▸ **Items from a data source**
=== Begin Enclosure ===

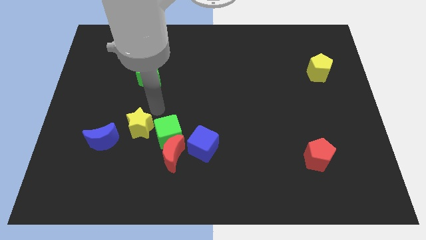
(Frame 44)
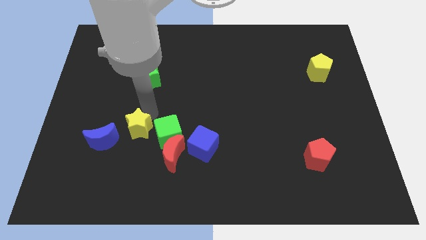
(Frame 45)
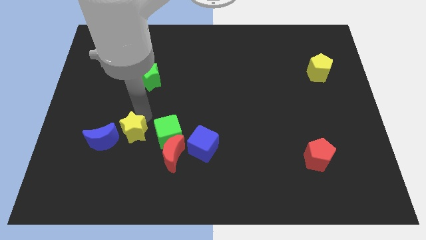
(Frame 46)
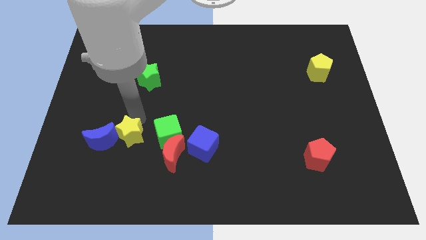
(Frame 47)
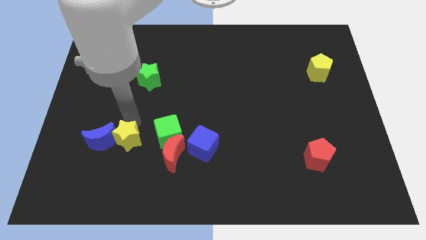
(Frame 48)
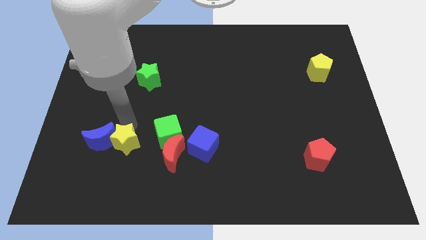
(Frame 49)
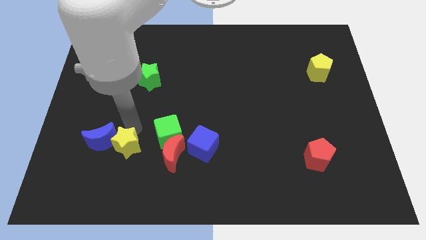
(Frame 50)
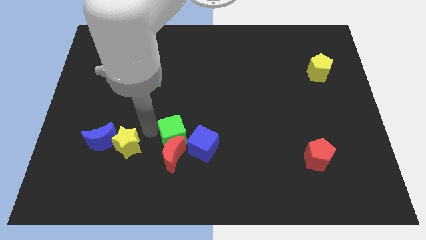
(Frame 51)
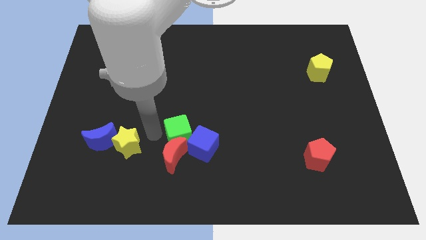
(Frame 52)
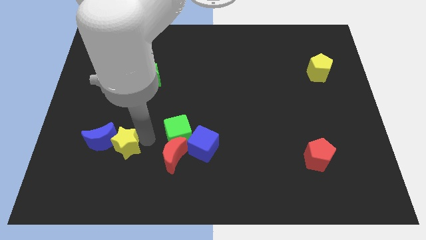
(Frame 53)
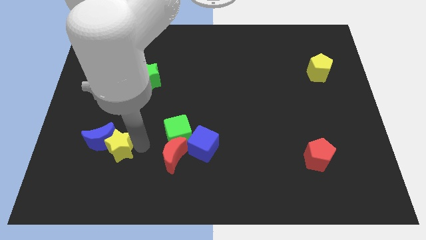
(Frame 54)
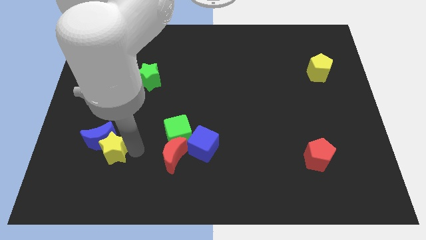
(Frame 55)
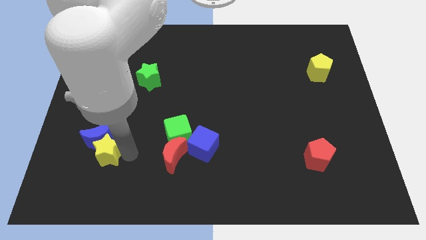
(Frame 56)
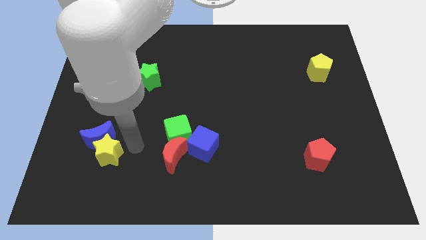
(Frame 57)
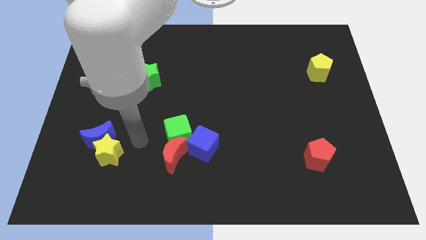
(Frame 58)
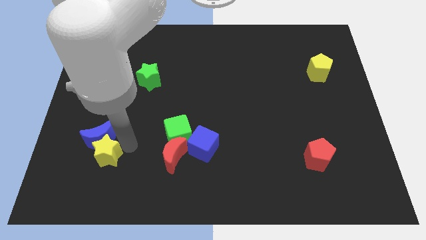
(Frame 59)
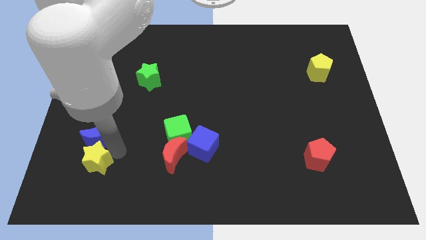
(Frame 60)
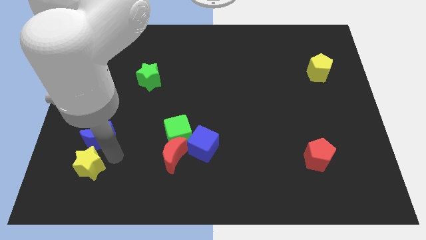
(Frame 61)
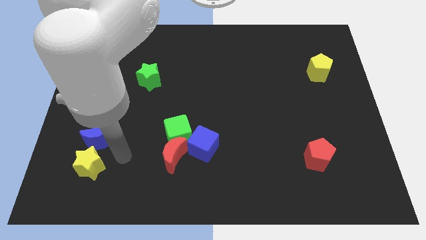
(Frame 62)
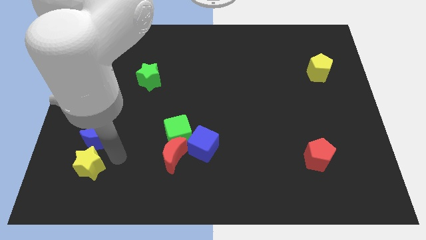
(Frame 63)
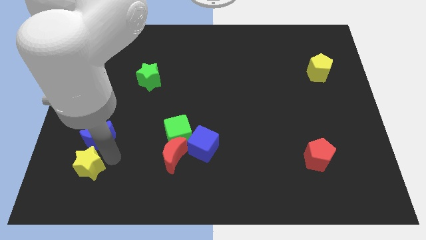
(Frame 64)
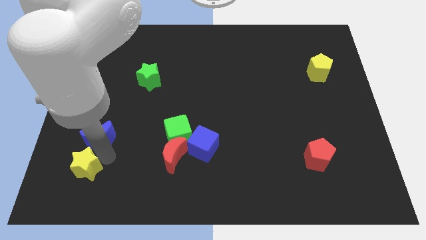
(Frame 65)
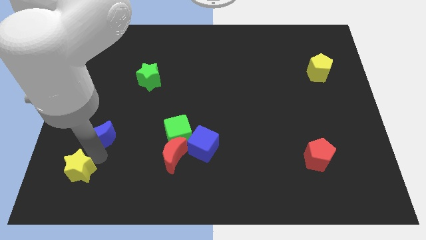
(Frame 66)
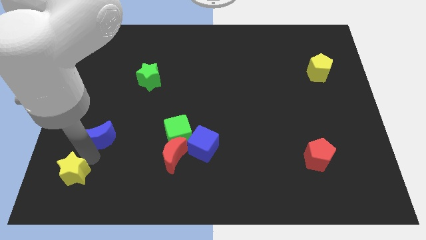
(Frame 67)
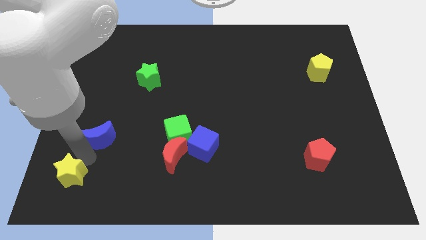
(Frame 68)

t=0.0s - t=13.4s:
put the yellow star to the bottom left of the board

=== End Enclosure ===

▸ **WORK INSTRUCTIONS**
Repeat each record exactly, with the pictures left out.

▸ **RESULT**
(Frame 44)
(Frame 45)
(Frame 46)
(Frame 47)
(Frame 48)
(Frame 49)
(Frame 50)
(Frame 51)
(Frame 52)
(Frame 53)
(Frame 54)
(Frame 55)
(Frame 56)
(Frame 57)
(Frame 58)
(Frame 59)
(Frame 60)
(Frame 61)
(Frame 62)
(Frame 63)
(Frame 64)
(Frame 65)
(Frame 66)
(Frame 67)
(Frame 68)

t=0.0s - t=13.4s:
put the yellow star to the bottom left of the board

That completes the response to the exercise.